L’Atome, entre Renaissance et Realpolitik

Fodé CISSE, Journaliste, Rédacteur en Chef & Directeur de Publication © JVFE

En accueillant à la Seine Musicale ce deuxième Sommet mondial sur l’énergie nucléaire, la France ne se contente pas de célébrer un patrimoine industriel ; elle tente de sceller un nouveau consensus planétaire. Dix-huit mois après le premier sommet de Bruxelles, l’ambiance a changé. L’heure n’est plus seulement aux déclarations d’intention, mais à la « mise à feu » opérationnelle.

Le nucléaire n’est plus un paria. Longtemps relégué au rang de technologie de transition, voire de vestige du siècle passé, il s’impose aujourd’hui comme le pivot de la « souveraineté décarbonée ». Dans un monde fragmenté, où l’énergie est devenue une arme de guerre, l’atome civil offre une double promesse : une électricité de base stable, indispensable pour pallier l’intermittence du vent et du soleil, et une rupture nette avec la dépendance aux hydrocarbures importés.
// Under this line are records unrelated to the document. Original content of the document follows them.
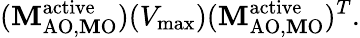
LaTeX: (\mathbf{M}_{\mathrm{{{AO,\mathbf{M}O}}}}^{\mathrm{{{active}}}})(V_{\mathrm{{{max}}}})(\mathbf{M}_{\mathrm{{{AO,\mathbf{M}O}}}}^{\mathrm{{{active}}}})^{T}.
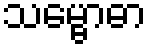
သမ္ဗောဓာ
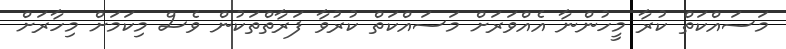
މަސައްކަތް ކުރާ މީހުންނާ އެއްވަރަށް މަސައްކަތް ކުރުވާ ފަރާތްތަކުން ވެސް މިކަމަށް މިހާރަށް
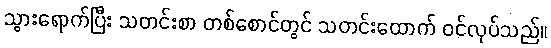
သွားရောက်ပြီး သတင်းစာ တစ်စောင်တွင် သတင်းထောက် ဝင်လုပ်သည်။
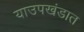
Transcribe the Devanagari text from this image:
याउपखंडात
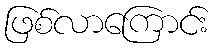
ဖြစ်လာကြောင်း
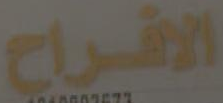
الافراح
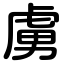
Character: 虜
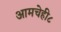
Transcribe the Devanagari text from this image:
आमचेही८
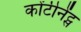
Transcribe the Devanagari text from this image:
कोंटीनेंट्स
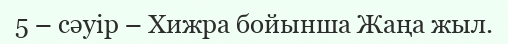
5 – сәуір – Хижра бойынша Жаңа жыл.
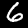
Label: 6
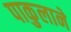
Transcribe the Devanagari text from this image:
पाकुलाने

Pourtant, ce sommet est aussi celui de la vérité industrielle. Si le discours politique est rodé, les défis techniques restent immenses. Le succès de cette « relance » ne se mesurera pas au nombre de poignées de main à Boulogne-Billancourt, mais à la capacité des États à respecter des calendriers de construction souvent jugés utopiques. Pour la France, avec son programme EPR2, l’enjeu est de prouver que l’on peut encore bâtir à l’heure, au budget et en toute sécurité.
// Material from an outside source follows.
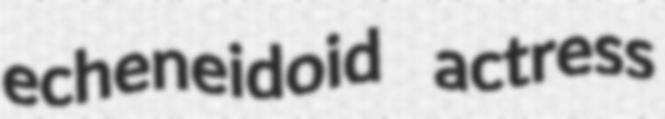
echeneidoid actress
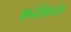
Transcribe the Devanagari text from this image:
फनेरोफ्य्तेस

L’autre grand tournant de ce sommet est géopolitique. En cherchant à standardiser les petits réacteurs modulaires (SMR) et à sécuriser les filières de combustible, les Occidentaux tentent de reprendre la main face au duo sino-russe qui a dominé le marché mondial ces dix dernières années. C’est une bataille pour l’influence technologique qui se joue : exporter ses réacteurs, c’est lier des partenaires stratégiques pour le demi-siècle à venir.

Cette séquence marque effectivement un tournant décisif : après la diplomatie mondiale à Boulogne-Billancourt, la France bascule dès jeudi dans le concret industriel à Penly.

Le choix de Penly pour ce Conseil de politique nucléaire (CPN) est hautement symbolique, puisqu’il s’agit du site tête de série pour les deux premiers réacteurs EPR2. Les enjeux financiers et techniques que vous soulignez y seront déclinés de manière opérationnelle :

Le gouvernement devra préciser les modalités de financement du programme national (estimé à plus de 50 milliards d’euros). L’enjeu est de rassurer sur la capacité de l’État et d’EDF à porter cette dette sur le long terme sans fragiliser les finances publiques.

À l’image des discussions mondiales sur les SMR, le conseil de Penly visera à valider les étapes de “série”. L’idée est de passer d’un prototype coûteux (comme Flamanville) à une construction industrielle répétitive pour faire baisser les coûts.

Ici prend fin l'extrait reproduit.